Tuesday, September 15, 2009
Two Shots, One Place
Location! Location! Location! Scouting for nature and sports scenics, multifaceted photographer Stephen Matera sees a landscape as an opportunity for a variety of distinctly different images
“To do serious landscape work takes time,” Matera continues. “There’s kind of the luck factor of being in the right place at the right time, but often you have to spend some time searching and moving around and waiting for the wind to stop or the light to get just right. Spray Park is a good example of it working out—the wildflower shots were shot on a different day, but the other ones with the fog and the woman hiking, those were all probably within a half an hour of each other. That’s an example where it did come together very well. The trick is to make sure to maintain each style of photography at its highest level without compromising one just to be able to shoehorn in the other.
“It takes a lot of physical energy to be creative,” he adds. “To be in that mode all day long is hard enough, but to be doing both kinds of photography—especially at the same time—is that much harder. Having the ability to see both, and handle them both and not kind of degrade the quality of the imagery, that’s hard to do.”
“There’s always that serendipity factor, right?” he asks. “There’s serendipity for both, but they’re a different kind of serendipity. With a sports shot, a lot of that serendipity comes with the model or the athlete and what they’re doing.

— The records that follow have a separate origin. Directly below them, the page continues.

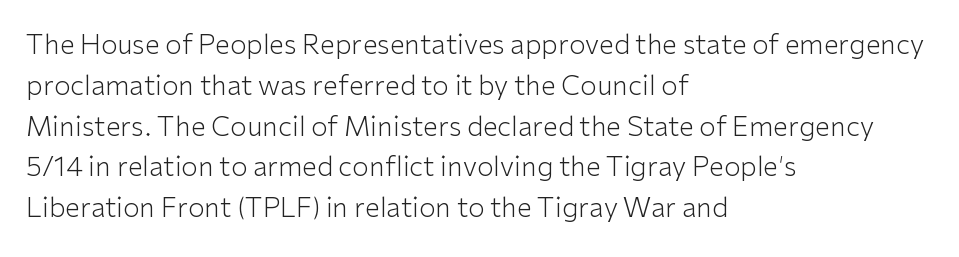
Q: Is the text bold? A: No.
Q: Is the text italic (slanted)? A: No, it is upright.
Q: Is the text underlined? A: No.
Q: How is the paragraph aligned? A: Left-aligned.
Q: Is the spacing between letters normal or unusually wide? A: Normal.
Q: Is the spacing between lines tight, normal or loose? A: Normal.
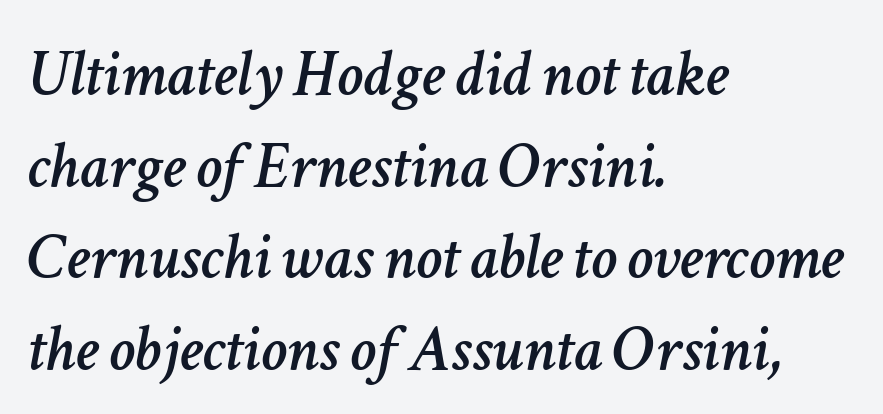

With a landscape shot, a lot of the serendipity comes with the light or the atmospheric conditions or stumbling upon a really interesting subject.”
Beyond the philosophical differences between shooting a landscape at sunrise and a fast-paced midday skiing shoot, Matera says there’s another dangerous pitfall in using one location for two shots: complacency.
The nature of a commercial outdoor-sports photographer’s job is to take models and athletes to known locations in order to produce expected results. But the nature of landscape photography is usually more exploratory, less predictable. On both counts, Matera says he has to work not to settle into the comfort of habit.
“I find familiarity actually a hindrance,” he explains. “I get to a place I’ve shot before, and I really have to work to get beyond what I’ve always seen. If I’m looking for a new composition or a slightly new subject in a location I’ve been to a lot, that’s hard. It requires looking a lot closer and deeper. Whereas, if I go to a place I’ve never been before, whether it’s close to home or in another state or another country, there’s the newness and the excitement of a new place, and there’s a lot of creativity that flows from that excitement.”